Re: [PATCH v2 0/5] pid: add pidfd_open()
From: Linus Torvalds
Date: Sun Mar 31 2019 - 19:47:41 EST
On Sun, Mar 31, 2019 at 3:16 PM Linus Torvalds
<torvalds@xxxxxxxxxxxxxxxxxxxx> wrote:
>
> I would actually suggest we just make the rules be that the
> pidfd_open() always return the internal /proc entry regardless of any
> mount-point (or any "hidepid")
The clever alternative, which might be the RightWay(tm) is to just
create a completely unattached dentry, and basically tie it into the
actual /proc filesystem hierarchy at lookup() time when somebody does
the openat() using it for the first time. You'd get a very simple
callback: since the dentry would be unattached, you'd be guaranteed to
get a "lookup()" from the VFS layer, and that lookup would then do the
"hook into the actual /proc filesystem".
We already kind of do things like that in the VFS layer when we have
unattached dentries (because of "look up by filehandle" etc). In many
ways the "pidfd_open()" really is exactly a "look up by file handle"

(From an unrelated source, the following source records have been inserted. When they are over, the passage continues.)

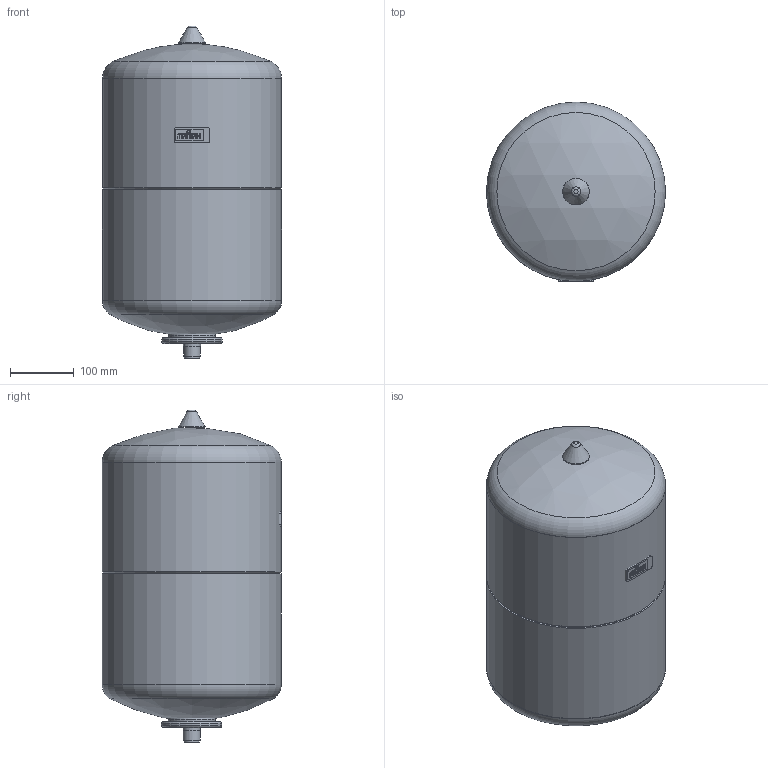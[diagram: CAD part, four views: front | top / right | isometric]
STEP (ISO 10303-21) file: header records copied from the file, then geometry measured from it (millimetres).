
FILE_DESCRIPTION(/* description */ (''),/* implementation_level */ '2;1');
FILE_NAME(/* name */ '3d_RefixDE25_10bar_blue-7304000.stp',/* time_stamp */ '2023-06-19T14:25:25+02:00',/* author */ ('Andrzej'),/* organization */ (''),/* preprocessor_version */ 'ST-DEVELOPER v16.13',/* originating_system */ 'AutoCAD Mechanical',/* authorisation */ '');
FILE_SCHEMA (('AUTOMOTIVE_DESIGN { 1 0 10303 214 3 1 1 }'));
Length unit declared in the file: millimetre
Products named in the file (1): Product
Bounding box: 280 x 280.98 x 519 mm (x, y, z)
Volume: 25810657.3 mm3; surface area: 754312.8 mm2
Topology: 14 solids, 14 shells, 238 faces, 567 edges, 372 vertices
Faces by surface type: plane 119, cylinder 92, torus 20, cone 4, sphere 2, bspline 1
Full cylindrical faces by diameter (mm): 7 x1, 12.5 x2, 17 x1, 21.7 x1, 23.5 x1, 23.8 x1, 26.4 x1, 26.9 x1, 70.5 x1, 73.5 x1, 84.5 x1, 91.5 x1, 94.5 x1, 280 x4
Entity records: 6765 total; most frequent: DIRECTION 1212, CARTESIAN_POINT 1160, ORIENTED_EDGE 1046, EDGE_CURVE 523, AXIS2_PLACEMENT_3D 452, VERTEX_POINT 370, LINE 308, VECTOR 308

operation, it just so happens that the "file handle" is just the
pid/namespace combination.
And if the splice alias (which is what the VFS layer calls that "tie
aliased dentry to the parent" operation) fails, because the /proc
filesystem isn't mounted or whatever, then trying to look up names off
the thing will also fail.
It's a tiny bit too clever for my taste, and it's not *exactly* the
same thing as our normal inode alias handling, but it's pretty close
conceptually (and even practically).
So it would basically do something very similar to the ioctl, but it
would do it implicitly and automatically at that first lookup.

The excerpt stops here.